Discard supernatant. Take care not to disturb the DNA precipitated onto the beads.
Wash the glass beads by gently adding 750µL
PEGW buffer and gently invert 2-3 times.
Incubate for 0h 3m 0s
at room temperature.
Aspirate and discard the supernatant, taking care not to disturb the DNA precipitate.
Repeat wash once more.
Pipette 120µL
of EB into a clean DNA LoBind 2 ml tube.
Discard the second wash buffer as much as possible.
Quick spin the tube and use a 10 µl tip to discard the rest of the buffer at the bottom of the tube (move the beads aside with the tip while doing it). There will be a few microliters buffer left as a dead volume. This will not affect sequencing.

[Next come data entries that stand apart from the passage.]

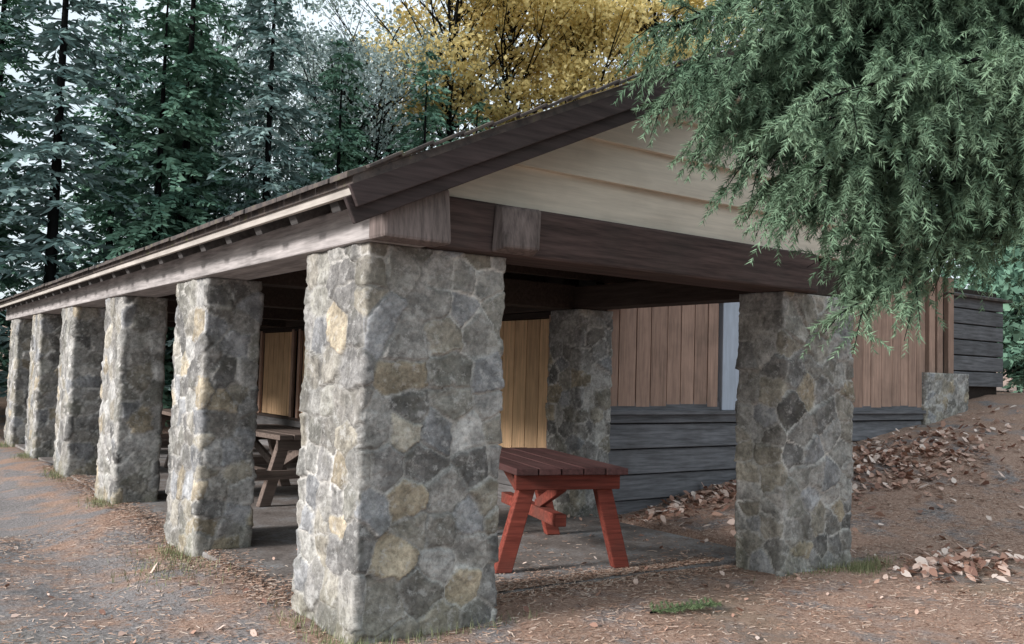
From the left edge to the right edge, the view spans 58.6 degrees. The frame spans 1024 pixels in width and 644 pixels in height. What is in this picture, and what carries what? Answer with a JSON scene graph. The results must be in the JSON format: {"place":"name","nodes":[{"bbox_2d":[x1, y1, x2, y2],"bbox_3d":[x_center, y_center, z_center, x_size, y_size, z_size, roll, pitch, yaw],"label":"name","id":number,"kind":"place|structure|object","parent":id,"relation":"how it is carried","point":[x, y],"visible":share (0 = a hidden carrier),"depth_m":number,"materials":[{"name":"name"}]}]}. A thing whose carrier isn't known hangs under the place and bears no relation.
{"place":"outdoors","nodes":[
{"label":"outdoors","id":0,"kind":"place"},
{"bbox_2d":[0,0,994,298],"label":"sky","id":1,"kind":"structure","parent":0,"point":[139,4],"materials":[{"name":"white"}]},
{"bbox_2d":[0,326,1023,643],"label":"ground","id":2,"kind":"structure","parent":0,"point":[30,504],"depth_m":6.89,"materials":[{"name":"brown soil"}]},
{"bbox_2d":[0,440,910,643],"bbox_3d":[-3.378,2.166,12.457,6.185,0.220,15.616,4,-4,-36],"label":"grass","id":3,"kind":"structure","parent":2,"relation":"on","point":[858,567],"depth_m":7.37,"materials":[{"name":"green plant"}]},
{"bbox_2d":[331,0,580,141],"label":"maple tree","id":4,"kind":"object","parent":2,"relation":"on","point":[483,18],"visible":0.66,"depth_m":30.74,"materials":[{"name":"yellow plant"}]},
{"bbox_2d":[0,40,1012,643],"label":"stone picnic shelter","id":5,"kind":"object","parent":2,"relation":"on","point":[410,344],"visible":0.88,"depth_m":7.62,"materials":[{"name":"stone"}]},
{"bbox_2d":[161,409,170,467],"bbox_3d":[-5.146,1.840,14.648,1.634,0.800,1.908,4,-4,-33],"label":"picnic table","id":6,"kind":"object","parent":5,"relation":"on","point":[166,414],"visible":0.06,"depth_m":14.46,"materials":[{"name":"brown wood"}]},
{"bbox_2d":[253,424,300,506],"bbox_3d":[-2.869,1.707,11.111,1.634,0.803,1.912,4,-4,-40],"label":"picnic table","id":7,"kind":"object","parent":5,"relation":"on","point":[283,440],"visible":0.37,"depth_m":10.31,"materials":[{"name":"brown wood"}]},
{"bbox_2d":[257,315,550,447],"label":"window frames","id":8,"kind":"structure","parent":5,"relation":"in","point":[300,337],"depth_m":17.09,"materials":[{"name":"brown wood"}]},
{"bbox_2d":[494,447,628,573],"bbox_3d":[0.172,1.612,8.079,1.159,0.831,1.909,3,-3,-19],"label":"picnic table","id":9,"kind":"object","parent":5,"relation":"on","point":[547,476],"visible":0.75,"depth_m":7.41,"materials":[{"name":"red paint"}]},
{"bbox_2d":[0,0,1023,429],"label":"forest","id":10,"kind":"object","parent":2,"relation":"on","point":[186,166],"visible":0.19,"depth_m":23.74,"materials":[{"name":"green plant"}]},
{"bbox_2d":[0,439,1023,643],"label":"needle litter","id":11,"kind":"object","parent":2,"relation":"on","point":[599,573],"visible":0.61,"depth_m":6.95,"materials":[{"name":"brown plant"}]},
{"bbox_2d":[4,405,1023,643],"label":"fallen leaves","id":12,"kind":"object","parent":2,"relation":"on","point":[949,563],"depth_m":10.56,"materials":[{"name":"brown plant"}]},
{"bbox_2d":[386,0,671,129],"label":"maple tree","id":13,"kind":"object","parent":2,"relation":"on","point":[522,87],"visible":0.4,"depth_m":31.66,"materials":[{"name":"yellow plant"}]},
{"bbox_2d":[435,0,716,112],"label":"maple tree","id":14,"kind":"object","parent":2,"relation":"on","point":[574,62],"visible":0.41,"depth_m":31.77,"materials":[{"name":"yellow plant"}]},
{"bbox_2d":[548,0,774,86],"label":"maple tree","id":15,"kind":"object","parent":2,"relation":"on","point":[651,13],"visible":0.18,"depth_m":32.52,"materials":[{"name":"yellow plant"}]},
{"bbox_2d":[611,0,1023,360],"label":"fir tree","id":16,"kind":"object","parent":2,"relation":"on","point":[947,76],"visible":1,"depth_m":4.75,"materials":[{"name":"green plant"}]}
]}

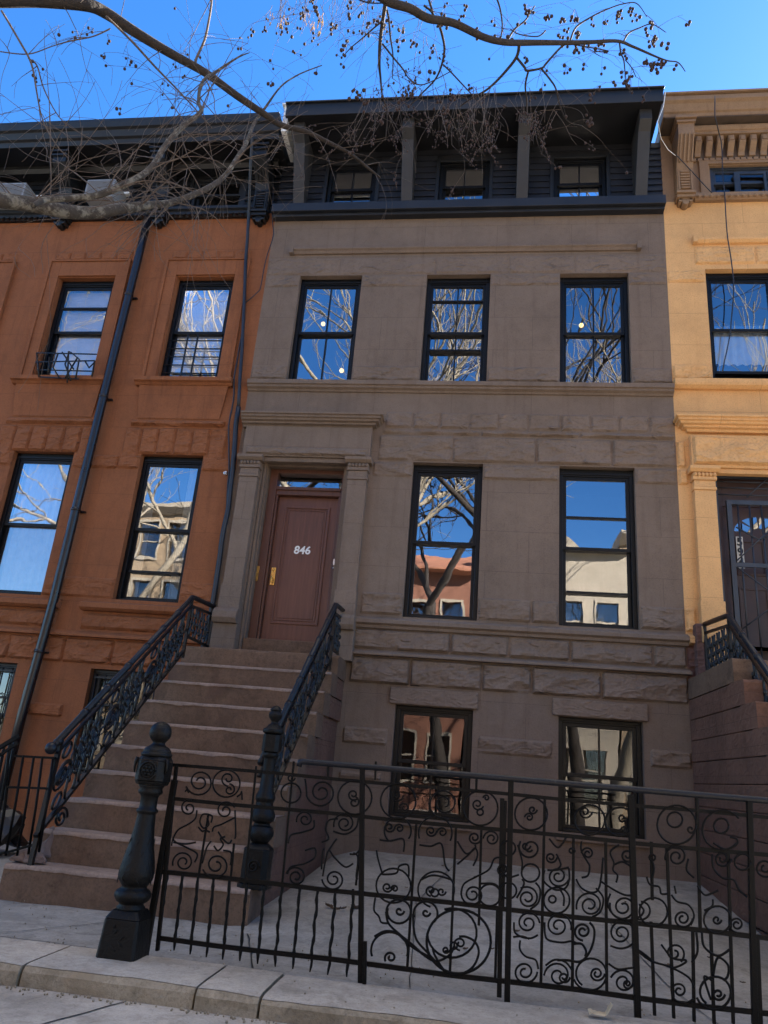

Immediately pour the beads into the 2 ml tube with the elution buffer.
Incubate the library at 37°C
for 0h 30m 0s
. Gently aspirate and dispense the eluate over the glass beads at regular intervals with a wide-bore pipette tip to aid elution.
Continue with overnight incubation at room temperature.
The next day, insert a bead retainer into a clean 1.5-ml tube.
Pour the beads and spin at 10.000x g
.
Incubate for at least 0h 30m 0s
at Room temperature
with regular pipette mixing.
Quantify the library
Load 30-40µL
library with SQB in 1:1 volume ratio.
Incubate for 0h 30m 0s
at Room temperature
Load the library on a primed MinION flow cell.